Work item:
Set down each record below precisely, skipping the pictures.

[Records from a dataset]
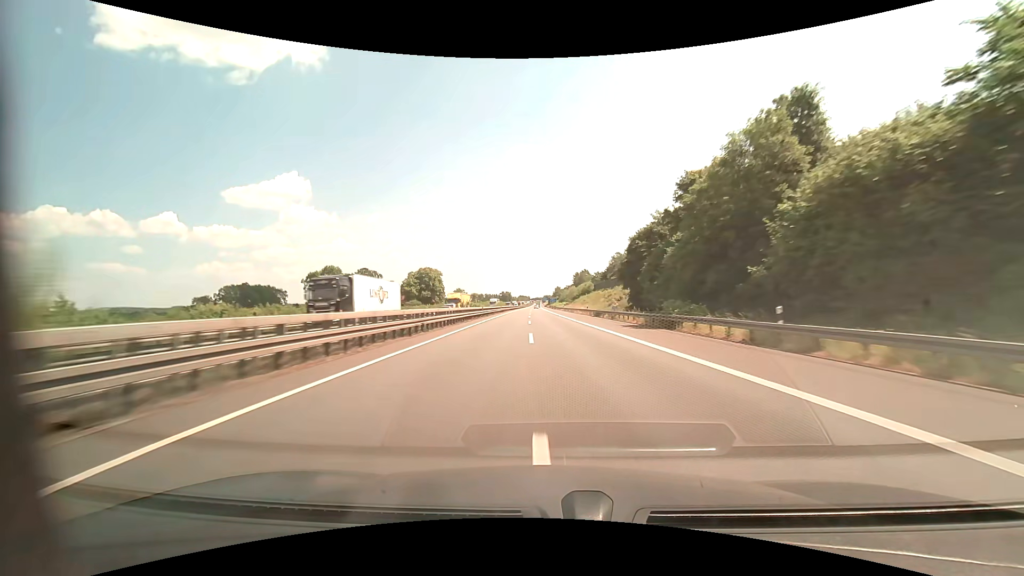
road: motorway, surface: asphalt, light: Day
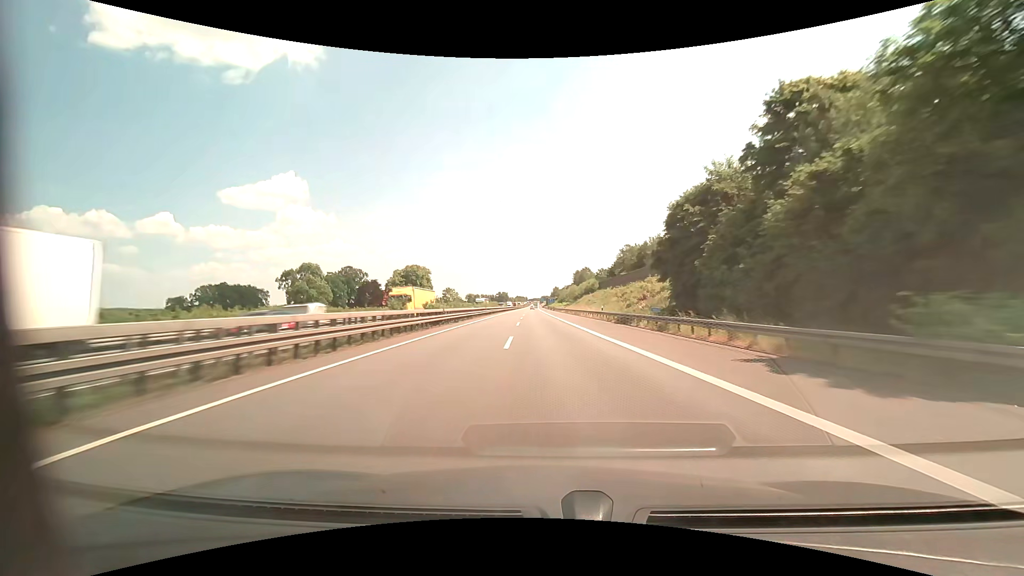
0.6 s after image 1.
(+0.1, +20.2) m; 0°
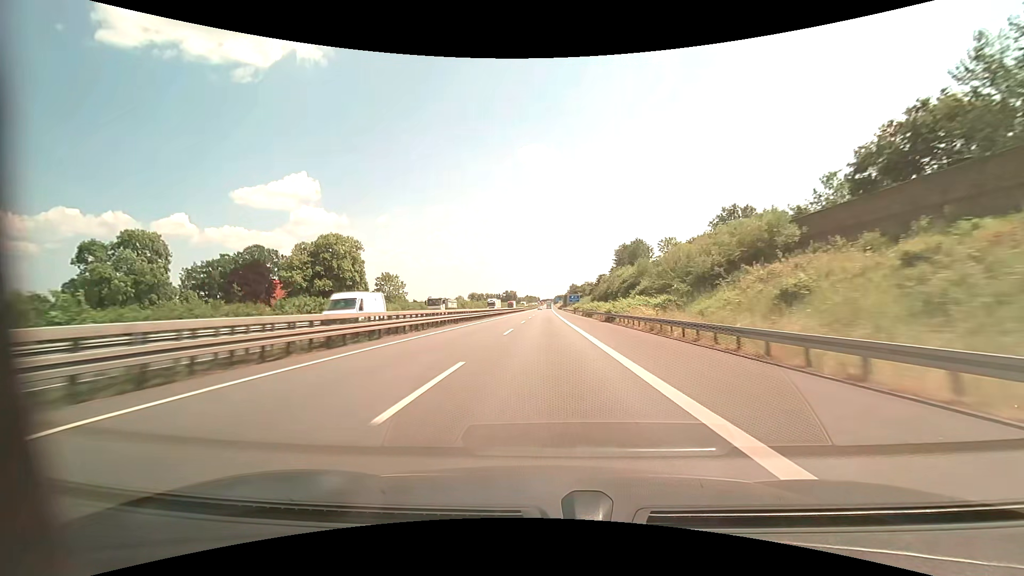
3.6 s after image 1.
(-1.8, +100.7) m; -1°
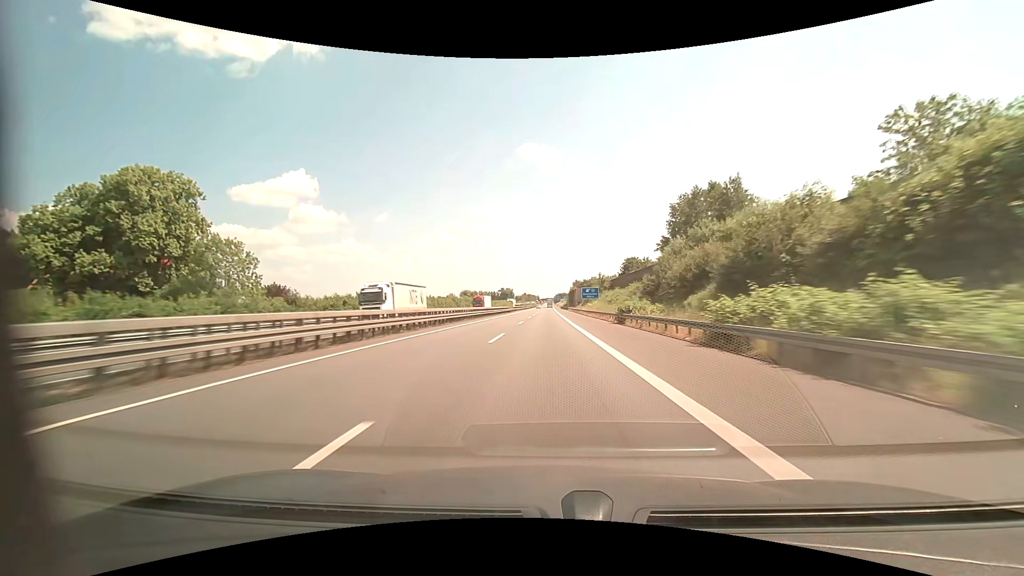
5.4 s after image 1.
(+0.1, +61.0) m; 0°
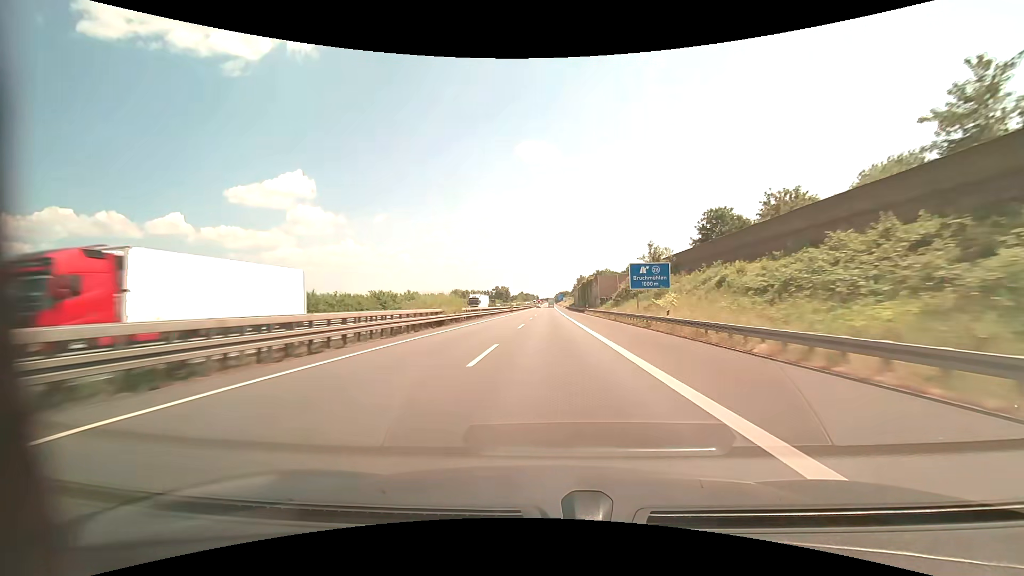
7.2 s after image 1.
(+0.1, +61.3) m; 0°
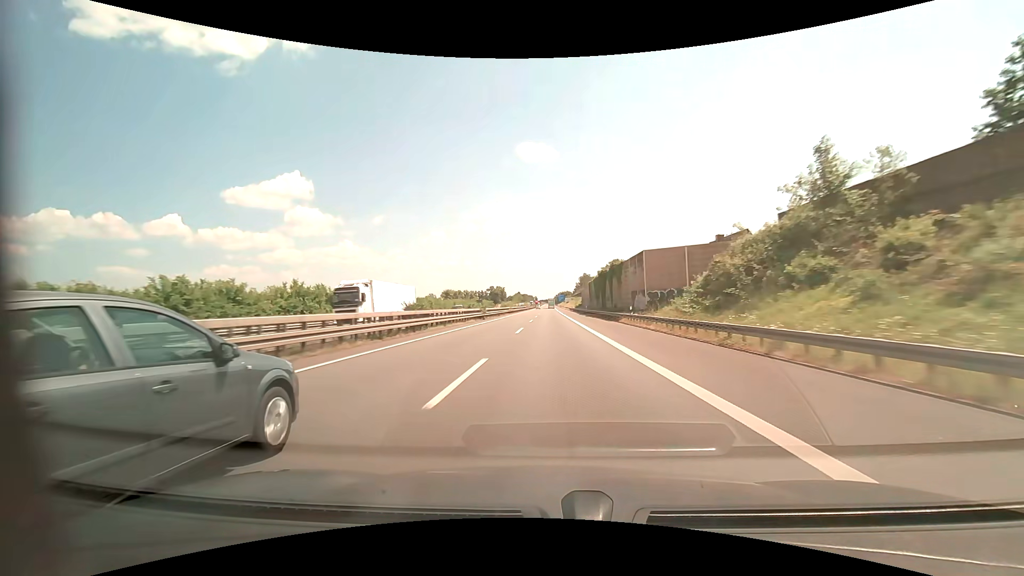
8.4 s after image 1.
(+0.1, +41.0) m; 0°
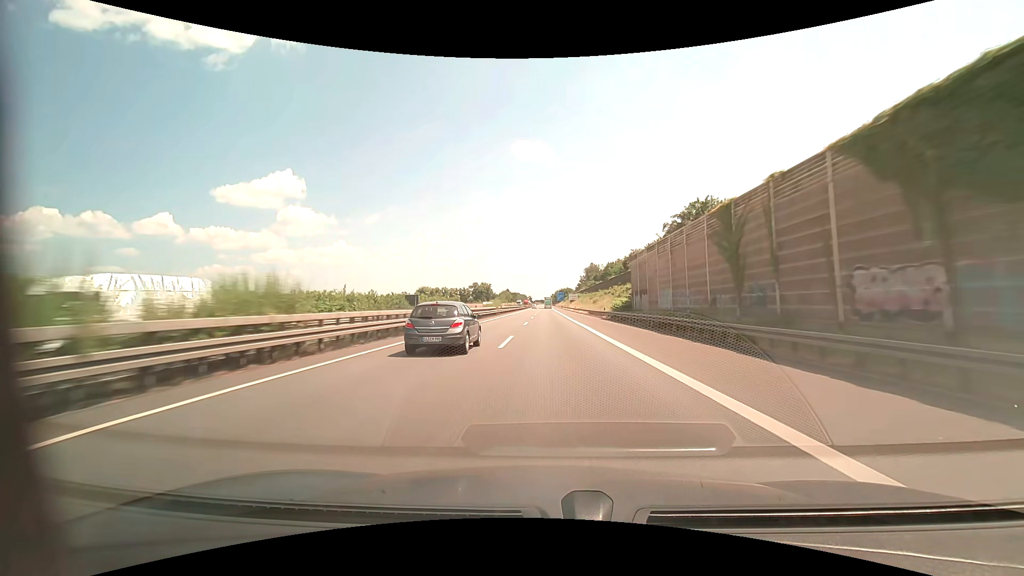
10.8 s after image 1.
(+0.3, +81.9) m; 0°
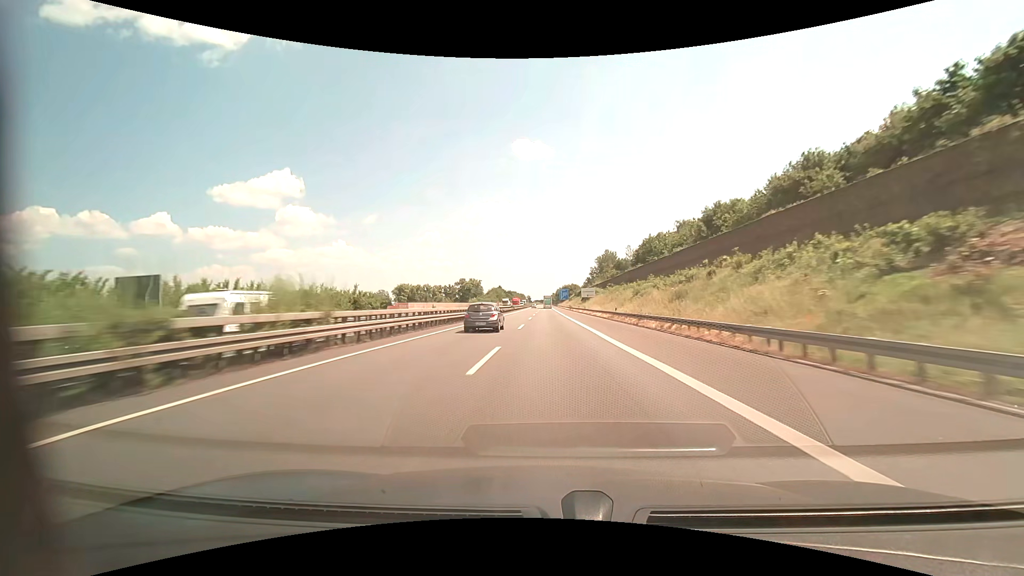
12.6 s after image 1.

Output:
road: motorway, surface: asphalt, light: Day
0.6 s after image 1.
(+0.1, +20.2) m; 0°
3.6 s after image 1.
(-1.8, +100.7) m; -1°
5.4 s after image 1.
(+0.1, +61.0) m; 0°
7.2 s after image 1.
(+0.1, +61.3) m; 0°
8.4 s after image 1.
(+0.1, +41.0) m; 0°
10.8 s after image 1.
(+0.3, +81.9) m; 0°
12.6 s after image 1.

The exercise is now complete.